• PROBLEM TO WORK ON: Please copy every record below exactly and leave out the pictures.

• TASK DATA:

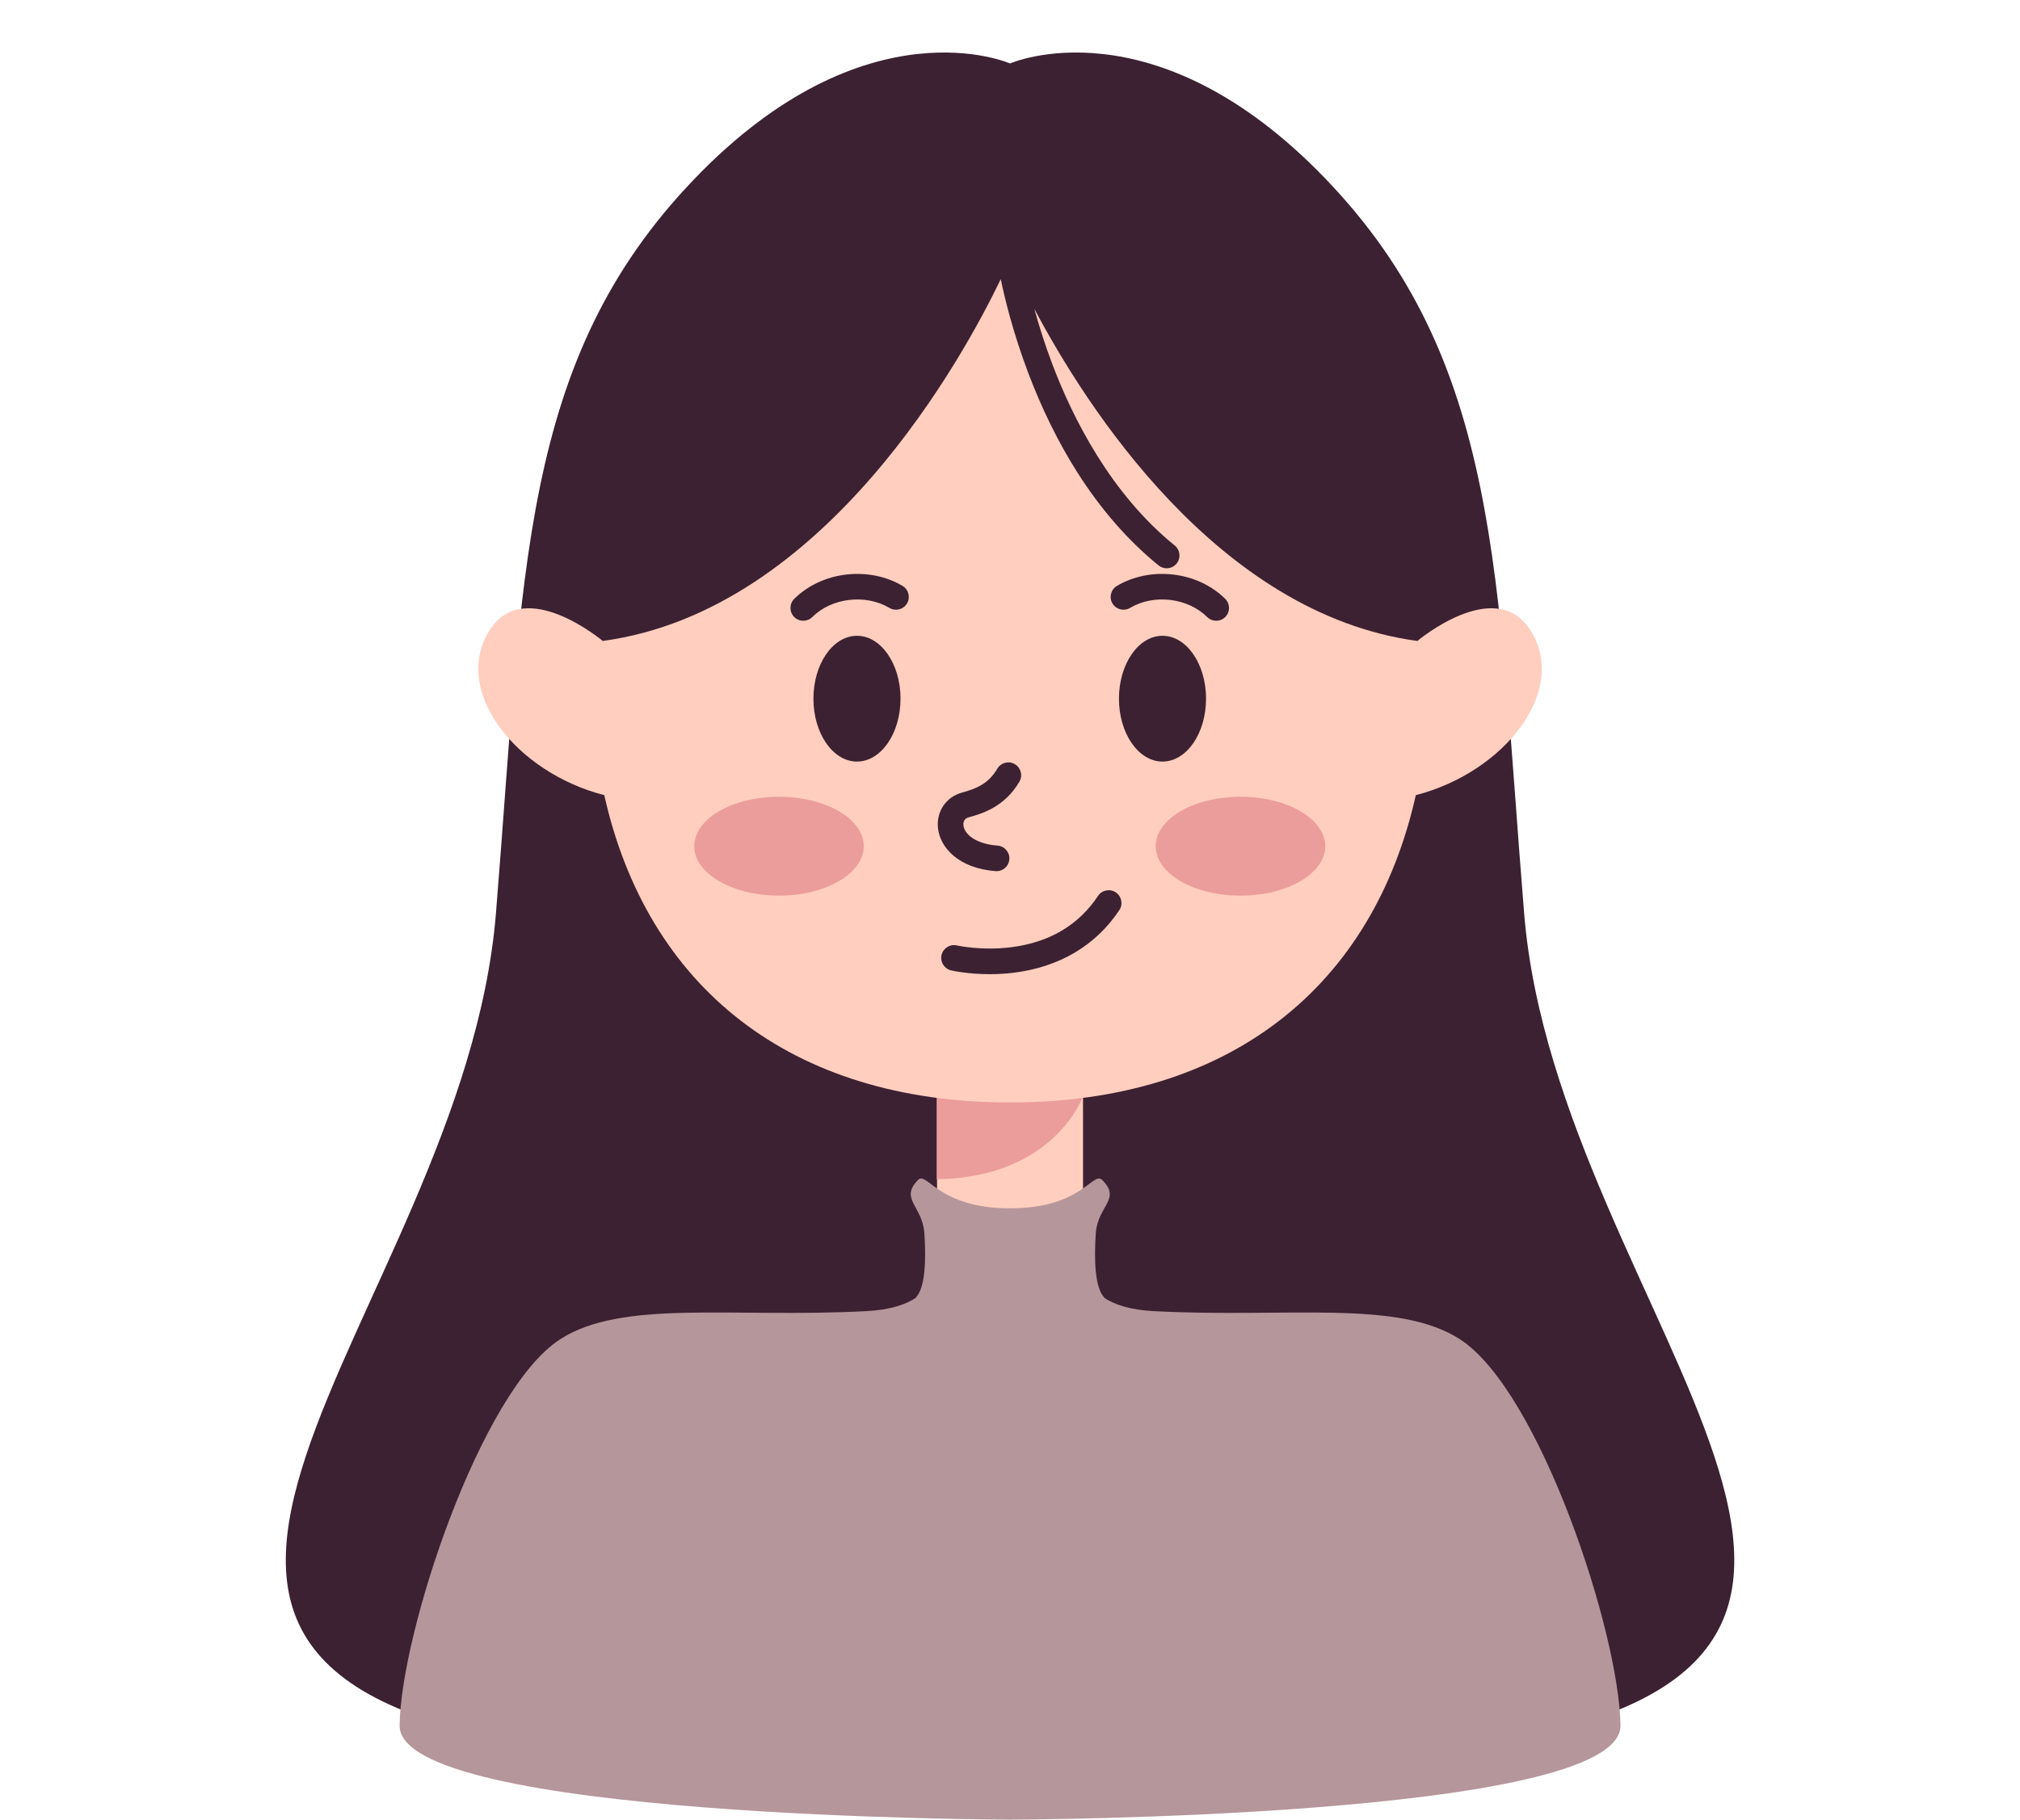<?xml version="1.0" encoding="UTF-8"?>
<!DOCTYPE svg PUBLIC '-//W3C//DTD SVG 1.0//EN'
          'http://www.w3.org/TR/2001/REC-SVG-20010904/DTD/svg10.dtd'>
<svg height="2245.6" preserveAspectRatio="xMidYMid meet" version="1.0" viewBox="3.8 94.8 2492.3 2245.6" width="2492.3" xmlns="http://www.w3.org/2000/svg" xmlns:xlink="http://www.w3.org/1999/xlink" zoomAndPan="magnify"
><g id="change1_1"
  ><path d="m1884.293,1221.894c-34.253-420.825-29.052-681.744-245.002-906.41-212.155-220.717-389.292-142.353-389.292-142.353,0,0-177.137-78.364-389.292,142.353-215.95,224.666-210.749,485.585-245.002,906.41-40.672,499.688-611.881,940.967,83.281,1030.364,431.738,55.521,670.287,55.521,1102.024,0,695.163-89.397,123.954-530.676,83.281-1030.364Z" fill="#3c2132"
  /></g
  ><g id="change2_1"
  ><path d="m1340.06,1638.784v-190.288c0-131.701-180.12-131.701-180.12,0v190.288c0,22.112,180.12,22.112,180.12,0Z" fill="#ffcebe"
  /></g
  ><g id="change3_1"
  ><path d="m1805.322,1747.728c-76.752-49.808-212.722-26.147-378.107-34.862-28.897-1.523-48.204-7.899-61.118-16.529h.401c-11.946-12.172-12.89-46.915-10.714-79.362,2.293-34.189,31.824-42.104,8.05-65.83-11.861-11.837-24.305,34.862-113.833,34.862s-102.334-46.751-113.738-34.862c-22.757,23.726,5.757,31.641,8.05,65.83,2.176,32.447,1.232,67.19-10.714,79.362h.305c-12.913,8.63-32.221,15.006-61.118,16.529-165.385,8.715-301.355-14.946-378.107,34.862-97.931,63.552-196.394,361.692-197.847,476.446-1.453,114.754,753.169,116.206,753.169,116.206,0,0,754.621-1.453,753.169-116.206-1.453-114.754-99.916-412.894-197.847-476.446Z" fill="#b5969b"
  /></g
  ><g id="change4_1"
  ><path d="m1339.683,1448.496c0-131.701-180.12-131.701-180.12,0v101.559c144.729-1.879,180.12-101.559,180.12-101.559Z" fill="#eb9d9b"
  /></g
  ><g id="change2_2"
  ><path d="m1891.623,871.889c-43.23-66.743-139.071,13.907-139.071,13.907,0,0-5.689-521.517-502.552-521.517s-502.552,521.517-502.552,521.517c0,0-95.841-80.65-139.071-13.907-48.567,74.983,32.132,176.341,140.968,204.182,52.885,235.883,228.647,379.285,500.656,379.285s447.771-143.402,500.656-379.285c108.836-27.841,189.535-129.199,140.968-204.182Z" fill="#ffcebe"
  /></g
  ><g id="change1_2"
  ><path d="m1767.555,650.028c-50.356-164.108-211.981-373.279-517.555-373.279s-467.199,209.172-517.555,373.279c-50.356,164.108,15.003,235.769,15.003,235.769,275.62-37.248,446.825-354.362,491.088-446.513,5.066,24.46,15.305,66.422,33.743,115.282,16.901,44.789,37.229,86.06,60.417,122.669,29.187,46.08,63.031,84.889,100.59,115.349,2.928,2.375,6.447,3.53,9.945,3.53,4.6,0,9.161-1.999,12.284-5.85,5.498-6.779,4.459-16.731-2.32-22.229-79.089-64.139-125.81-157.17-151.077-223.919-9.49-25.071-16.753-48.426-22.202-68.314,63.492,120.049,226.39,376.717,472.636,409.996,0,0,65.359-71.661,15.003-235.769Z" fill="#3c2132"
  /></g
  ><g id="change1_3"
  ><path d="m1233.391,1169.911c-.399,0-.801-.015-1.205-.045-45.886-3.459-68.804-29.374-71.161-53.523-1.969-20.172,10.121-37.985,29.4-43.318,16.727-4.627,32.664-10.365,43.817-29.519,4.392-7.542,14.067-10.097,21.609-5.705,7.543,4.392,10.097,14.067,5.705,21.609-18.555,31.867-47.276,39.81-62.705,44.078-6.205,1.716-6.654,6.867-6.369,9.784,1.037,10.628,14.648,23.008,42.079,25.076,8.703.656,15.227,8.243,14.571,16.947-.626,8.299-7.554,14.616-15.742,14.616Z" fill="#3c2132"
  /></g
  ><g id="change1_4"
  ><path d="m1224.921,1297.021c-27.37,0-46.591-4.426-47.646-4.674-8.496-1.999-13.763-10.507-11.764-19.003,1.997-8.486,10.488-13.75,18.974-11.771h0c.298.069,30.099,6.812,66.637,2.24,47.292-5.918,83.427-27.226,107.401-63.333,4.828-7.271,14.636-9.252,21.907-4.424,7.271,4.828,9.252,14.636,4.424,21.907-29.086,43.807-74.362,70.554-130.932,77.35-10.299,1.237-20.084,1.707-29,1.707Z" fill="#3c2132"
  /></g
  ><g id="change1_5"
  ><path d="m994.896,860.874c-4.058,0-8.114-1.553-11.203-4.656-6.156-6.187-6.131-16.193.056-22.35,16.646-16.563,39.58-27.24,64.576-30.064,24.578-2.778,49.095,2.209,69.032,14.041,7.506,4.454,9.98,14.15,5.526,21.656-4.454,7.506-14.15,9.979-21.656,5.526-29.465-17.485-71.274-12.545-95.184,11.247-3.083,3.068-7.116,4.601-11.147,4.601Z" fill="#3c2132"
  /></g
  ><g id="change1_6"
  ><ellipse cx="1061.143" cy="957.04" fill="#3c2132" rx="53.732" ry="77.613"
  /></g
  ><g id="change1_7"
  ><path d="m1504.351,860.874c-4.031,0-8.063-1.533-11.147-4.601-23.91-23.792-65.72-28.732-95.184-11.247-7.505,4.454-17.201,1.981-21.656-5.526-4.454-7.506-1.98-17.201,5.526-21.656,19.937-11.832,44.453-16.819,69.032-14.041,24.997,2.824,47.93,13.501,64.576,30.064,6.187,6.157,6.212,16.163.056,22.35-3.088,3.103-7.146,4.656-11.203,4.656Z" fill="#3c2132"
  /></g
  ><g id="change1_8"
  ><ellipse cx="1438.104" cy="957.04" fill="#3c2132" rx="53.732" ry="77.613"
  /></g
  ><g id="change4_2"
  ><ellipse cx="964.918" cy="1139.097" fill="#eb9d9b" rx="104.586" ry="61.008"
  /></g
  ><g id="change4_3"
  ><ellipse cx="1534.329" cy="1139.097" fill="#eb9d9b" rx="104.586" ry="61.008"
  /></g
></svg
>

• TASK ANSWER:
<?xml version="1.0" encoding="UTF-8"?>
<!DOCTYPE svg PUBLIC '-//W3C//DTD SVG 1.0//EN'
          'http://www.w3.org/TR/2001/REC-SVG-20010904/DTD/svg10.dtd'>
<svg height="2245.6" preserveAspectRatio="xMidYMid meet" version="1.0" viewBox="3.8 94.8 2492.3 2245.6" width="2492.3" xmlns="http://www.w3.org/2000/svg" xmlns:xlink="http://www.w3.org/1999/xlink" zoomAndPan="magnify"
><g id="change1_1"
  ><path d="m1884.293,1221.894c-34.253-420.825-29.052-681.744-245.002-906.41-212.155-220.717-389.292-142.353-389.292-142.353,0,0-177.137-78.364-389.292,142.353-215.95,224.666-210.749,485.585-245.002,906.41-40.672,499.688-611.881,940.967,83.281,1030.364,431.738,55.521,670.287,55.521,1102.024,0,695.163-89.397,123.954-530.676,83.281-1030.364Z" fill="#3c2132"
  /></g
  ><g id="change2_1"
  ><path d="m1340.06,1638.784v-190.288c0-131.701-180.12-131.701-180.12,0v190.288c0,22.112,180.12,22.112,180.12,0Z" fill="#ffcebe"
  /></g
  ><g id="change3_1"
  ><path d="m1805.322,1747.728c-76.752-49.808-212.722-26.147-378.107-34.862-28.897-1.523-48.204-7.899-61.118-16.529h.401c-11.946-12.172-12.89-46.915-10.714-79.362,2.293-34.189,31.824-42.104,8.05-65.83-11.861-11.837-24.305,34.862-113.833,34.862s-102.334-46.751-113.738-34.862c-22.757,23.726,5.757,31.641,8.05,65.83,2.176,32.447,1.232,67.19-10.714,79.362h.305c-12.913,8.63-32.221,15.006-61.118,16.529-165.385,8.715-301.355-14.946-378.107,34.862-97.931,63.552-196.394,361.692-197.847,476.446-1.453,114.754,753.169,116.206,753.169,116.206,0,0,754.621-1.453,753.169-116.206-1.453-114.754-99.916-412.894-197.847-476.446Z" fill="#b5969b"
  /></g
  ><g id="change4_1"
  ><path d="m1339.683,1448.496c0-131.701-180.12-131.701-180.12,0v101.559c144.729-1.879,180.12-101.559,180.12-101.559Z" fill="#eb9d9b"
  /></g
  ><g id="change2_2"
  ><path d="m1891.623,871.889c-43.23-66.743-139.071,13.907-139.071,13.907,0,0-5.689-521.517-502.552-521.517s-502.552,521.517-502.552,521.517c0,0-95.841-80.65-139.071-13.907-48.567,74.983,32.132,176.341,140.968,204.182,52.885,235.883,228.647,379.285,500.656,379.285s447.771-143.402,500.656-379.285c108.836-27.841,189.535-129.199,140.968-204.182Z" fill="#ffcebe"
  /></g
  ><g id="change1_2"
  ><path d="m1767.555,650.028c-50.356-164.108-211.981-373.279-517.555-373.279s-467.199,209.172-517.555,373.279c-50.356,164.108,15.003,235.769,15.003,235.769,275.62-37.248,446.825-354.362,491.088-446.513,5.066,24.46,15.305,66.422,33.743,115.282,16.901,44.789,37.229,86.06,60.417,122.669,29.187,46.08,63.031,84.889,100.59,115.349,2.928,2.375,6.447,3.53,9.945,3.53,4.6,0,9.161-1.999,12.284-5.85,5.498-6.779,4.459-16.731-2.32-22.229-79.089-64.139-125.81-157.17-151.077-223.919-9.49-25.071-16.753-48.426-22.202-68.314,63.492,120.049,226.39,376.717,472.636,409.996,0,0,65.359-71.661,15.003-235.769Z" fill="#3c2132"
  /></g
  ><g id="change1_3"
  ><path d="m1233.391,1169.911c-.399,0-.801-.015-1.205-.045-45.886-3.459-68.804-29.374-71.161-53.523-1.969-20.172,10.121-37.985,29.4-43.318,16.727-4.627,32.664-10.365,43.817-29.519,4.392-7.542,14.067-10.097,21.609-5.705,7.543,4.392,10.097,14.067,5.705,21.609-18.555,31.867-47.276,39.81-62.705,44.078-6.205,1.716-6.654,6.867-6.369,9.784,1.037,10.628,14.648,23.008,42.079,25.076,8.703.656,15.227,8.243,14.571,16.947-.626,8.299-7.554,14.616-15.742,14.616Z" fill="#3c2132"
  /></g
  ><g id="change1_4"
  ><path d="m1224.921,1297.021c-27.37,0-46.591-4.426-47.646-4.674-8.496-1.999-13.763-10.507-11.764-19.003,1.997-8.486,10.488-13.75,18.974-11.771h0c.298.069,30.099,6.812,66.637,2.24,47.292-5.918,83.427-27.226,107.401-63.333,4.828-7.271,14.636-9.252,21.907-4.424,7.271,4.828,9.252,14.636,4.424,21.907-29.086,43.807-74.362,70.554-130.932,77.35-10.299,1.237-20.084,1.707-29,1.707Z" fill="#3c2132"
  /></g
  ><g id="change1_5"
  ><path d="m994.896,860.874c-4.058,0-8.114-1.553-11.203-4.656-6.156-6.187-6.131-16.193.056-22.35,16.646-16.563,39.58-27.24,64.576-30.064,24.578-2.778,49.095,2.209,69.032,14.041,7.506,4.454,9.98,14.15,5.526,21.656-4.454,7.506-14.15,9.979-21.656,5.526-29.465-17.485-71.274-12.545-95.184,11.247-3.083,3.068-7.116,4.601-11.147,4.601Z" fill="#3c2132"
  /></g
  ><g id="change1_6"
  ><ellipse cx="1061.143" cy="957.04" fill="#3c2132" rx="53.732" ry="77.613"
  /></g
  ><g id="change1_7"
  ><path d="m1504.351,860.874c-4.031,0-8.063-1.533-11.147-4.601-23.91-23.792-65.72-28.732-95.184-11.247-7.505,4.454-17.201,1.981-21.656-5.526-4.454-7.506-1.98-17.201,5.526-21.656,19.937-11.832,44.453-16.819,69.032-14.041,24.997,2.824,47.93,13.501,64.576,30.064,6.187,6.157,6.212,16.163.056,22.35-3.088,3.103-7.146,4.656-11.203,4.656Z" fill="#3c2132"
  /></g
  ><g id="change1_8"
  ><ellipse cx="1438.104" cy="957.04" fill="#3c2132" rx="53.732" ry="77.613"
  /></g
  ><g id="change4_2"
  ><ellipse cx="964.918" cy="1139.097" fill="#eb9d9b" rx="104.586" ry="61.008"
  /></g
  ><g id="change4_3"
  ><ellipse cx="1534.329" cy="1139.097" fill="#eb9d9b" rx="104.586" ry="61.008"
  /></g
></svg
>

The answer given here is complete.